[Data items]
# # #

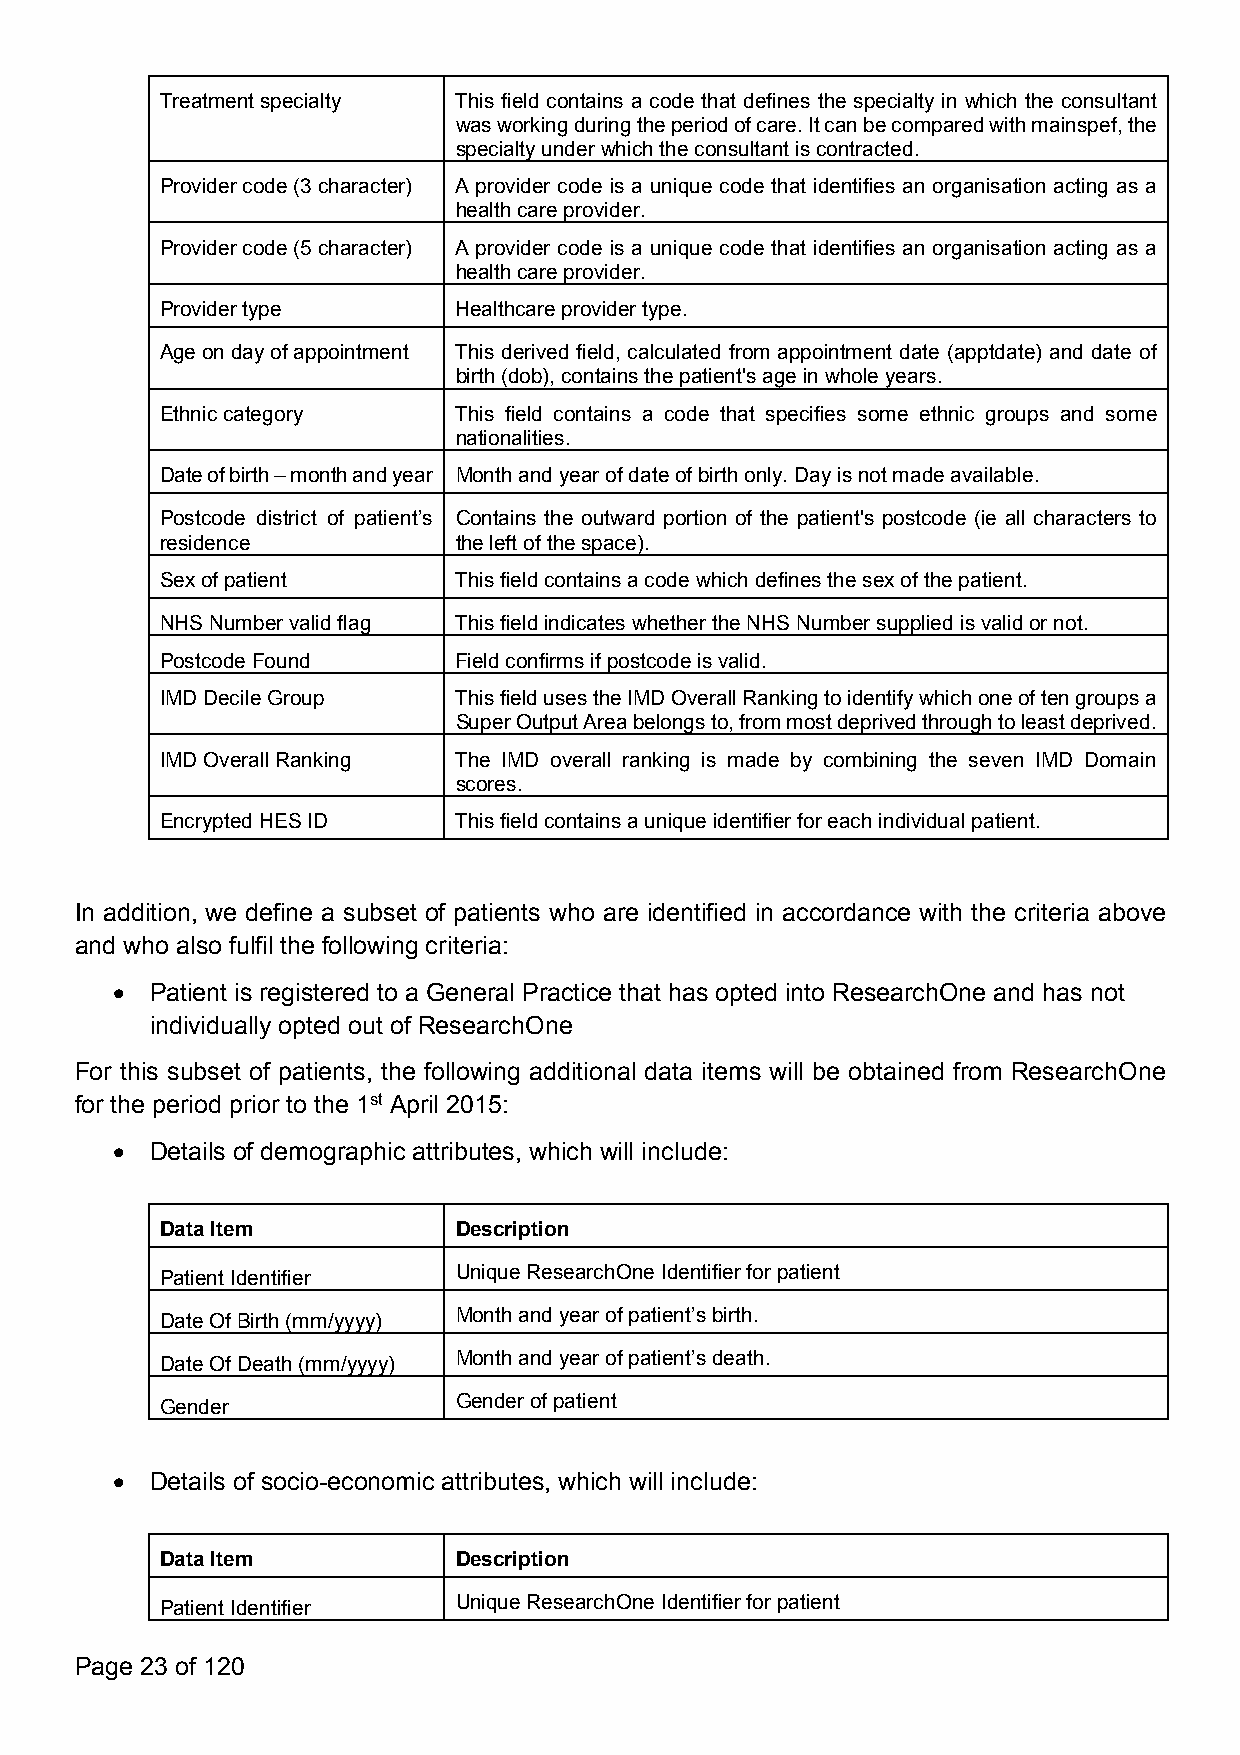
Treatmentspecialty This field contains a code that defines the specialty in which the consultant
 wasworkingduringtheperiodofcare.Itcanbecomparedwithmainspef,the
 specialtyunderwhichtheconsultantiscontracted.
 Providercode(3character) A provider code is a unique code that identifies an organisation acting as a
 healthcareprovider.
 Providercode(5character) A provider code is a unique code that identifies an organisation acting as a
 healthcareprovider.
 Providertype       Healthcareprovidertype.
 Ageondayofappointment This derived field, calculated from appointment date (apptdate) and date of
 birth(dob),containsthepatient'sageinwholeyears.
 Ethniccategory     This field contains a code that specifies some ethnic groups and some
 nationalities.
 Dateofbirth–monthandyear Monthandyearofdateofbirthonly.Dayisnotmadeavailable.
 Postcode district of patient’s Contains the outward portion of the patient's postcode (ie all characters to
 residence          theleftofthespace).
 Sexofpatient       Thisfieldcontainsacodewhichdefinesthesexofthepatient.
 NHSNumbervalidflag ThisfieldindicateswhethertheNHSNumbersuppliedisvalidornot.
 PostcodeFound      Fieldconfirmsifpostcodeisvalid.
 IMDDecileGroup     ThisfieldusestheIMDOverallRankingtoidentifywhichoneoftengroupsa
 SuperOutputAreabelongsto,frommostdeprivedthroughtoleastdeprived.
 IMDOverallRanking  The IMD overall ranking is made by combining the seven IMD Domain
 scores.
 EncryptedHESID     Thisfieldcontainsauniqueidentifierforeachindividualpatient.
 In addition, we define a subset of patients who are identified in accordance with the criteria above
 and who also fulfil the following criteria:
   Patient is registered to a General Practice that has opted into ResearchOne and has not
 individually opted out of ResearchOne
 For this subset of patients, the following additional data items will be obtained from ResearchOne
 for the period prior to the 1st April 2015:
   Details of demographic attributes, which will include:
 DataItem           Description
 PatientIdentifier  UniqueResearchOneIdentifierforpatient
 DateOfBirth(mm/yyyy) Monthandyearofpatient’sbirth.
 DateOfDeath(mm/yyyy) Monthandyearofpatient’sdeath.
 Gender             Genderofpatient
   Details of socio-economic attributes, which will include:
 DataItem           Description
 PatientIdentifier  UniqueResearchOneIdentifierforpatient
 Page 23 of 120
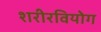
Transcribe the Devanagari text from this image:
शरीरवियोग
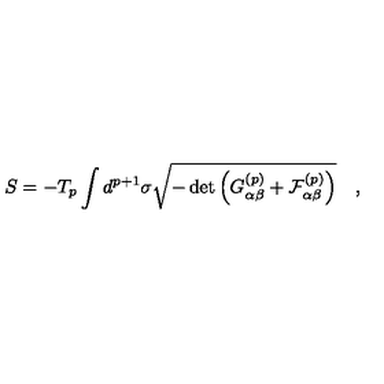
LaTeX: S = - T _ { p } \int d ^ { p + 1 } \sigma \sqrt { - \det \left( G _ { \alpha \beta } ^ { ( p ) } + { \cal { F } } _ { \alpha \beta } ^ { ( p ) } \right) } \quad ,

# # #

*Exercise requirements*. Write out exactly, and only, the lines running from the line with "Details of socio-economic" to the last line above, both included, with all pictures omitted.

*Written response*.
   Details of socio-economic attributes, which will include:
 DataItem           Description
 PatientIdentifier  UniqueResearchOneIdentifierforpatient
 Page 23 of 120
Transcribe the Devanagari text from this image:
शरीरवियोग
LaTeX: S = - T _ { p } \int d ^ { p + 1 } \sigma \sqrt { - \det \left( G _ { \alpha \beta } ^ { ( p ) } + { \cal { F } } _ { \alpha \beta } ^ { ( p ) } \right) } \quad ,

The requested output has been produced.